Greffier, lors des débats : Madame Nicaise BONVARD
ARRET :
— contradictoire
— rendu par mise à disposition de l’arrêt au greffe de la Cour, les parties en ayant été préalablement avisées dans les conditions prévues au deuxième alinéa de l’article 450 du code de procédure civile.
— signé par Monsieur Alain SADOT, Président et par Monsieur Gilles DUPONT, Greffier
*****
Par jugement du 2 juillet 2009, le tribunal d’instance du 15e arrondissement de Paris a débouté Mme E Z de sa demande en condamnation des époux X, gardien de la résidence dans laquelle elle est domiciliée, à mettre en oeuvre toutes les mesures susceptibles de mettre un terme aux troubles causés par la présence de leur chat dans les parties communes de l’immeuble, incluant la loge du gardien.

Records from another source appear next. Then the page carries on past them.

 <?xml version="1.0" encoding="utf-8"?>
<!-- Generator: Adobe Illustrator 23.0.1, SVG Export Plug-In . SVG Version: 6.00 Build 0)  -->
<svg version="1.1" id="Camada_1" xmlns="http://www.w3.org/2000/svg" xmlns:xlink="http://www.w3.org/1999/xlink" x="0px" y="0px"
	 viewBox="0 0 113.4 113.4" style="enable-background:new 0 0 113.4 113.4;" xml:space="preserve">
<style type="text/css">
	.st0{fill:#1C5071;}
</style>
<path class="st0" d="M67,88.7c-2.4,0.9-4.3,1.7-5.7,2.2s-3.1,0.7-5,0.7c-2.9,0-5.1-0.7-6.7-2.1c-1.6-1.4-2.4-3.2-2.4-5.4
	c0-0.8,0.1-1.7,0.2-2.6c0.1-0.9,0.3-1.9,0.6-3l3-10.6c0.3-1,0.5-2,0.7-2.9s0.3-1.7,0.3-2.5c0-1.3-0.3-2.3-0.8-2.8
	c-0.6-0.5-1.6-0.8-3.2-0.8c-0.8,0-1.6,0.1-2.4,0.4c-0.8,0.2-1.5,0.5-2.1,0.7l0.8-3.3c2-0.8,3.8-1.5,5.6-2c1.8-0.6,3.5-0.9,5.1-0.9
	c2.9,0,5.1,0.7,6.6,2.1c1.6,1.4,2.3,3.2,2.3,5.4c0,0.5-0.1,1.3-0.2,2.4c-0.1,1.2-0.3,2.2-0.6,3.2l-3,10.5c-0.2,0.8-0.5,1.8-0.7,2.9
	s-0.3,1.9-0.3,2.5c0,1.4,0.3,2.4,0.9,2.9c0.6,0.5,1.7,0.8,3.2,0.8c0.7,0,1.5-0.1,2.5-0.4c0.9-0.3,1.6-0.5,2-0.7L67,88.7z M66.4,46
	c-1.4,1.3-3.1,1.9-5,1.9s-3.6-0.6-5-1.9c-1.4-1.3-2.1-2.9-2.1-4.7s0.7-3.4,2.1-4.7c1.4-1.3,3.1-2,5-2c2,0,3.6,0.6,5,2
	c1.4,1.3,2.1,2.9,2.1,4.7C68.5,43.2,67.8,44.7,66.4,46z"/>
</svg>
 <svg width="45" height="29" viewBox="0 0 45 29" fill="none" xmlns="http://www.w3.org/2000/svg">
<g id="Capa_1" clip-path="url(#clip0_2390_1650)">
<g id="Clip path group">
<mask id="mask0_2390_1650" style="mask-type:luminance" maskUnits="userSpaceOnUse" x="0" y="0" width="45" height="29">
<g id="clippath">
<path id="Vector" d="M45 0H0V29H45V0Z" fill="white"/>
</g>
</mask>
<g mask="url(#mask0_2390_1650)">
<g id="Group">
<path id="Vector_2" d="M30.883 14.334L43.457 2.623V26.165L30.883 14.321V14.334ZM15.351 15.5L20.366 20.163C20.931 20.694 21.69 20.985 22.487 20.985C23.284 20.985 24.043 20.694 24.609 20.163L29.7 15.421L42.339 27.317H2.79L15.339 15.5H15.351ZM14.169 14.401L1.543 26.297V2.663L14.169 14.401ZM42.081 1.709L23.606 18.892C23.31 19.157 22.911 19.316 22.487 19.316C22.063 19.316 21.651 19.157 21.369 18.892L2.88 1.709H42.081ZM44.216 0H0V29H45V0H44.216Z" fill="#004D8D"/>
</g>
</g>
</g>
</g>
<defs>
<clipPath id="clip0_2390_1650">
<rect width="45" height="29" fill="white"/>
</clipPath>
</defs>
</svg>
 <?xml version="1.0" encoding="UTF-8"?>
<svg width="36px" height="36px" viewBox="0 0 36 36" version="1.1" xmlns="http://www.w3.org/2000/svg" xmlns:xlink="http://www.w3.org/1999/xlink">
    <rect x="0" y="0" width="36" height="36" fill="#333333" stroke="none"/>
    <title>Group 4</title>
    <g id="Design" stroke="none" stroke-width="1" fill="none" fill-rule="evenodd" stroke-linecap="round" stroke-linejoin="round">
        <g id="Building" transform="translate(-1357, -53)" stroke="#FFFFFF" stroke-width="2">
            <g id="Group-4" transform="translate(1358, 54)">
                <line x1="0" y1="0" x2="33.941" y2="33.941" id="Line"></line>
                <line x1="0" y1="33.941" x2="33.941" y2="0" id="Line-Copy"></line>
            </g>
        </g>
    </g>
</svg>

Par déclaration déposée le 13 juillet 2009, Mme Z a fait appel de cette décision. Dans ses dernières conclusions déposées le 24 janvier 2012, elle expose qu’elle souffre depuis l’enfance d’une grave phobie des chats, qui peut provoquer d’importantes poussées d’hypertension artérielle, et que les époux X, qui connaissent pourtant cette situation, laissent divaguer leur chat dans les parties communes de l’immeuble et dans la loge, distincte de leur appartement privé, devant laquelle elle est obligée de passer pour entrer dans l’immeuble. Soutenant que le droit de détenir des animaux domestiques dans un local d’habitation doit se limiter aux parties privatives en application du règlement de copropriété, elle sollicite qu’il soit fait interdiction aux époux X de laisser le chat dans la loge. Elle conteste par ailleurs la sincérité voire l’authenticité d’une pétition des occupants de l’immeuble dont se prévalent les gardiens. Elle ajoute enfin que l’objet de sa demande reste actuel puisque, si Madame X a sollicité la rupture de son contrat de travail, M. X demeure employé au sein de la copropriété, son contrat de travail ayant été évoqué lors de l’assemblée générale spéciale du 19 octobre 2011, et qu’il en résulte que les époux Y à occuper leur logement.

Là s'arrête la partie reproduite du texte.